Advanced Annuity Calculator
This is an advanced annuity calculator. With it you can calculate either:
(a) how much monthly income you'll receive from an Investment amount you enter, or,
(b) how much you'll need to invest in order to receive the Monthly Income amount you enter.
To start, select your Age, Gender, State of Residence, and Income Start Date.
If you'd like a calculation covering yourself and a spouse, select your spouse's age and gender too.
Next, enter a dollar amount in only one of the two boxes labeled Investment or Monthly Income. Then click Calculate. Your quote appears instantly on the next page.
If you have any questions about your quotes or annuities in general call 800-872-6684.
We'd love to hear from you!
Please post your comment or question. It's completely safe – we never publish your email address.
Comments (29)
Michael
2015-06-04 11:35:27
Thanks Hersh.
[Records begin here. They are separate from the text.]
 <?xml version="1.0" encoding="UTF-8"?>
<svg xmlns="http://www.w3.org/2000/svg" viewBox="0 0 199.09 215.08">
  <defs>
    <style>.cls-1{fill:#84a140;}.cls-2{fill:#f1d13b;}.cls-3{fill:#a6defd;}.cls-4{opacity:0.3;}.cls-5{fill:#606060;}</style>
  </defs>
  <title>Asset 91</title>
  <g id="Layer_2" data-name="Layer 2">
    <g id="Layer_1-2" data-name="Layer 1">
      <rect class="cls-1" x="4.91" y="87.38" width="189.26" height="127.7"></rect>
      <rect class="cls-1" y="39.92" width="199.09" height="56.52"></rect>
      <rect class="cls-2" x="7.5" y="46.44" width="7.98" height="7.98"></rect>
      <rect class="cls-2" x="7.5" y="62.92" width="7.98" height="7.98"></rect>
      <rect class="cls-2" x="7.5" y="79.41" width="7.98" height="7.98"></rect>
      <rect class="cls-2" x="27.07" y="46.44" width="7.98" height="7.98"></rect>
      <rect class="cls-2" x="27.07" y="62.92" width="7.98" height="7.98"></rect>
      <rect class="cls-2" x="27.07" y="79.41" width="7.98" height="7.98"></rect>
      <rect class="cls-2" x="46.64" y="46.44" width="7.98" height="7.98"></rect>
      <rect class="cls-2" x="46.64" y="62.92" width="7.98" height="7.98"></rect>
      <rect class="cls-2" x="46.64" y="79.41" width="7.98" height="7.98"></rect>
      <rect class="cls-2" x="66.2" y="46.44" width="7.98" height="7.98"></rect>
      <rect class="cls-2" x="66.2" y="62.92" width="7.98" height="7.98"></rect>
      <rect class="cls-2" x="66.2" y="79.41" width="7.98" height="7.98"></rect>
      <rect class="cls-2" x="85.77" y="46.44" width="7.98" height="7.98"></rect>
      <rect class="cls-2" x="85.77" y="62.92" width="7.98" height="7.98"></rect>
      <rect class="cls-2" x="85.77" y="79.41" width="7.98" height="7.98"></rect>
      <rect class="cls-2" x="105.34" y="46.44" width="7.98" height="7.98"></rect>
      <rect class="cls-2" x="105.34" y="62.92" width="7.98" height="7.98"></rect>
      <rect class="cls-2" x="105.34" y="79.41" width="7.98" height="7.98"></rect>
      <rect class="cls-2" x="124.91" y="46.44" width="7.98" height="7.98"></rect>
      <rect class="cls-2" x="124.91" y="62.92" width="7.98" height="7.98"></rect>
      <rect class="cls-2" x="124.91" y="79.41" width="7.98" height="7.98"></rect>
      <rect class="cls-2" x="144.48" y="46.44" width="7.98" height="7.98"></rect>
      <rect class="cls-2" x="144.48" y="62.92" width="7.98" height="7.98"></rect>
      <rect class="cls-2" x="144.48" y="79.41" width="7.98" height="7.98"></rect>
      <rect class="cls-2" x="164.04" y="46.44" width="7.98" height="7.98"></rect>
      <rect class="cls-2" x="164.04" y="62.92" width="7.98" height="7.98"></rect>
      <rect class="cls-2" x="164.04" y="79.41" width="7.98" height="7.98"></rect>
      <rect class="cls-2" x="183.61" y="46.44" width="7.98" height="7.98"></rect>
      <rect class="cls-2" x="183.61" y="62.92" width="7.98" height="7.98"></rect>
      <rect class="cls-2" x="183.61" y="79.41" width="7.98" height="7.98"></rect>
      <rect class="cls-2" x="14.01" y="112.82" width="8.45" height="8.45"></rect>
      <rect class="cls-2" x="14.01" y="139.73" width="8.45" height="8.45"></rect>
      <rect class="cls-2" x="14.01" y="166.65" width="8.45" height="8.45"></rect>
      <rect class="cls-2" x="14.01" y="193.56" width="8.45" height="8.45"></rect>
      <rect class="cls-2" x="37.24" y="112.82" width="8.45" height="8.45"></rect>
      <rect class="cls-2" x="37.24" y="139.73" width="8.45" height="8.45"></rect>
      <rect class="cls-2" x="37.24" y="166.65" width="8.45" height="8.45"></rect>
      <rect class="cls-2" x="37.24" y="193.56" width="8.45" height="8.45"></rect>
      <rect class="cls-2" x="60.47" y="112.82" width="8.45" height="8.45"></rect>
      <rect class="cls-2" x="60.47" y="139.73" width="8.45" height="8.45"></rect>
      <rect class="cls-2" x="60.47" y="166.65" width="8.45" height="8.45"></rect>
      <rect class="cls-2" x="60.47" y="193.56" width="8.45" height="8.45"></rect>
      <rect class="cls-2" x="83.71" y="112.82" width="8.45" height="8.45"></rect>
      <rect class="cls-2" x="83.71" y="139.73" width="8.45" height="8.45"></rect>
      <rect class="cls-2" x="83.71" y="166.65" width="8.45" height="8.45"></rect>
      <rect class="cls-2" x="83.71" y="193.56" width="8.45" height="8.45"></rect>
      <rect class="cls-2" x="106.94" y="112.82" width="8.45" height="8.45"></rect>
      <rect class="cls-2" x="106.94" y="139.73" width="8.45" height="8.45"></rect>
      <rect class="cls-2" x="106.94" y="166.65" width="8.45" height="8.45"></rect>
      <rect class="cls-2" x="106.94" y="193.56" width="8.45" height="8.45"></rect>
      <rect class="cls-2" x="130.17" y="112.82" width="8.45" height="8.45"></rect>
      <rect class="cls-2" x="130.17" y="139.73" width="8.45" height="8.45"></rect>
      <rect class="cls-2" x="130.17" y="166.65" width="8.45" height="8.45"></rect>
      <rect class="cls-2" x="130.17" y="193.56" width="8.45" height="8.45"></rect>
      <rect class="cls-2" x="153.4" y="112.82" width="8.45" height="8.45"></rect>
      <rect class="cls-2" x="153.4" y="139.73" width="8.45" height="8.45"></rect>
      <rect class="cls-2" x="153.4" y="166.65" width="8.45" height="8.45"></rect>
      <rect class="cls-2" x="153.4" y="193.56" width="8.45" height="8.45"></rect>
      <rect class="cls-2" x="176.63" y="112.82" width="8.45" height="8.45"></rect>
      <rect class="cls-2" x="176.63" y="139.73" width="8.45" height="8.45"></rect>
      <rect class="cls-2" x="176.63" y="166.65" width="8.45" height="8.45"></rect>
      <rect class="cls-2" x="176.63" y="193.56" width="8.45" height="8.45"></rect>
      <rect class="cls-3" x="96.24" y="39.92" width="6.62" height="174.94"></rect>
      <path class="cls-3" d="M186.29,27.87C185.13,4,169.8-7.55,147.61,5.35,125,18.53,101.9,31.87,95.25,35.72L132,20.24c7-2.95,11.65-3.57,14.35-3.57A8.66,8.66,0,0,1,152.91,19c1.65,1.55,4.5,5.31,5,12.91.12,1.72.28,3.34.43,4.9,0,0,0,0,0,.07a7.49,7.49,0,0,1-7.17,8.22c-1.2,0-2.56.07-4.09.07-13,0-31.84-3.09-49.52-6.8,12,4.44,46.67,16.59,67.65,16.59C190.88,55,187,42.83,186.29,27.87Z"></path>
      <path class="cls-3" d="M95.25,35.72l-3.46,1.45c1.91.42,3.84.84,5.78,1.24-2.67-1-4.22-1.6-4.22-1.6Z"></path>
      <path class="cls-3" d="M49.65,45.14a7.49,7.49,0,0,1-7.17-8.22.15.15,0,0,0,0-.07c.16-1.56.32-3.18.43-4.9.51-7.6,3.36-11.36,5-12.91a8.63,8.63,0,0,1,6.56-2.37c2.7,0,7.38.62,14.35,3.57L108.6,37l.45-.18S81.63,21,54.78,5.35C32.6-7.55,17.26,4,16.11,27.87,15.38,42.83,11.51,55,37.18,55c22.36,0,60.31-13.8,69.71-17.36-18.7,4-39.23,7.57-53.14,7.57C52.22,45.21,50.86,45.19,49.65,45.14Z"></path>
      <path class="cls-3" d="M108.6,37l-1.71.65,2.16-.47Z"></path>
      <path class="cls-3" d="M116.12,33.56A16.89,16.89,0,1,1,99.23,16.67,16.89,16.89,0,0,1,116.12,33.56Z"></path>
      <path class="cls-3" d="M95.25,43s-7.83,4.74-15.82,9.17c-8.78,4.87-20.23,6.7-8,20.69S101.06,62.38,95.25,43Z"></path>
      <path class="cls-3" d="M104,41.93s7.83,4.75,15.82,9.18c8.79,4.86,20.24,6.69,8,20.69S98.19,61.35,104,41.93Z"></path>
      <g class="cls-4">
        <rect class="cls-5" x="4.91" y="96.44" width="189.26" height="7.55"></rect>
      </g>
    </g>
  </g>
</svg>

Is there an advantage to selecting the Joint Plan with cash refund to your heirs instead of buying a single life for a married man and leave the refund to his wife?
Hersh Stern (ImmediateAnnuities.com)
2015-06-04 11:36:43
Hi Michael,
Good to hear from you again.
You asked about the advantage of selecting a joint plan with cash refund to beneficiaries versus a single life annuity for a married man with cash refund to his wife...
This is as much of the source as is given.